According to an article written up in the Minneapolis Star Tribune, pro-choice and family planning advocates have a distinctly different point of view.

“This is just basic, basic female health care, and it’s extremely disturbing … that women’s health is under attack here and at the national level,” said Tanya Atkinson, field manager for Planned Parenthood Advocates of Wisconsin.

The article then goes on to talk about more anti-choice plans that Wisconsin legislators have in the works, including a bill that would support pharmacists to deny Plan B based on moral grounds, as well as denying birth-control pills on moral grounds.

Sickeningly, and in some ways entertainingly enough, Republican legislators in Wisconsin are under the impression that university women in Wisconsin consider Plan B a new and exciting form of Skittles, with a zany and sometimes useful after-affect.
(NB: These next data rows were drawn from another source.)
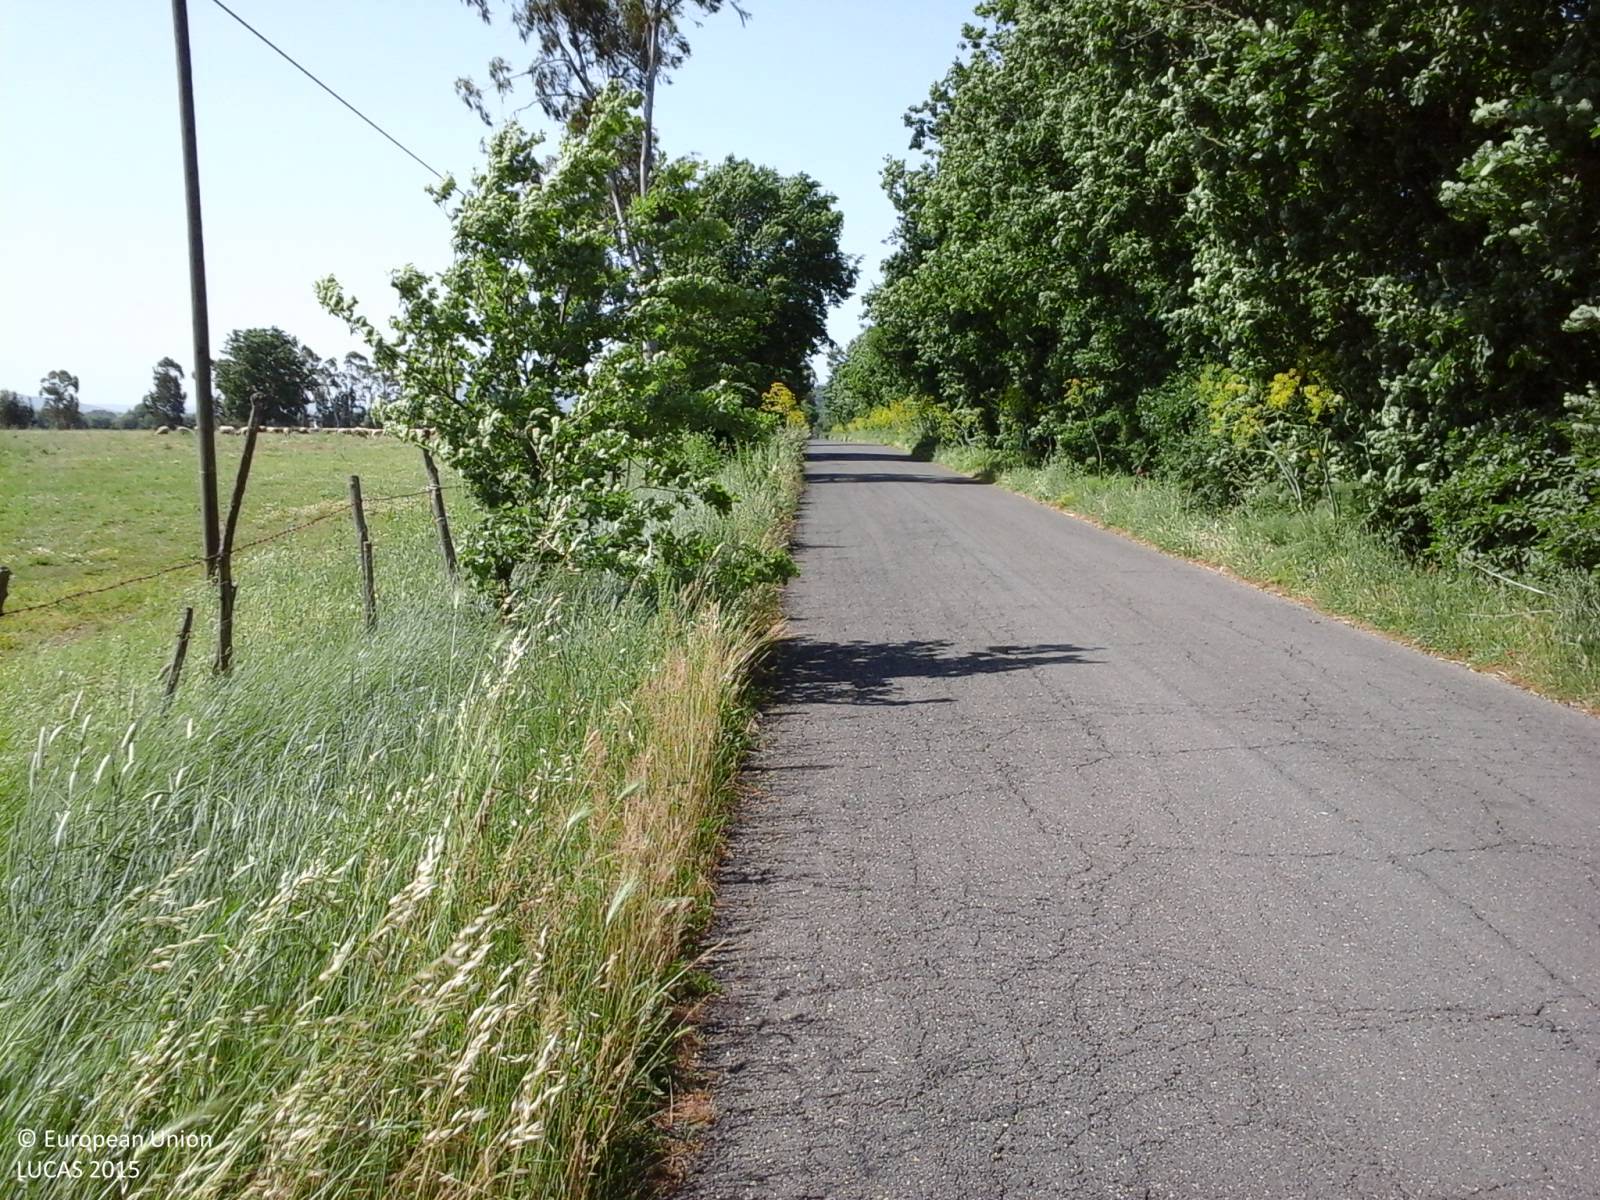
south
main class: Grassland
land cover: Grassland without tree/shrub cover
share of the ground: > 75 %
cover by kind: herbaceous plants 100 %
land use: Agriculture (excluding fallow land and kitchen gardens)
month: May
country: IT
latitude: 42.3096
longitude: 11.9706

“I think it puts young women at great risk when they are told by medical professionals it’s just OK to take these emergency contraceptives at whim,” said state Rep. Jean Hundertmark, R-Clintonville, a co-sponsor of the bill. “It shouldn’t be taken like candy.”

The only potential silver lining to this rather dark and disgusting cloud is that while the Wisconsin House has approved the bill, and the Senate may pass it as well, Governor Jim Doyle has vowed to veto the bill when and if it came to his desk.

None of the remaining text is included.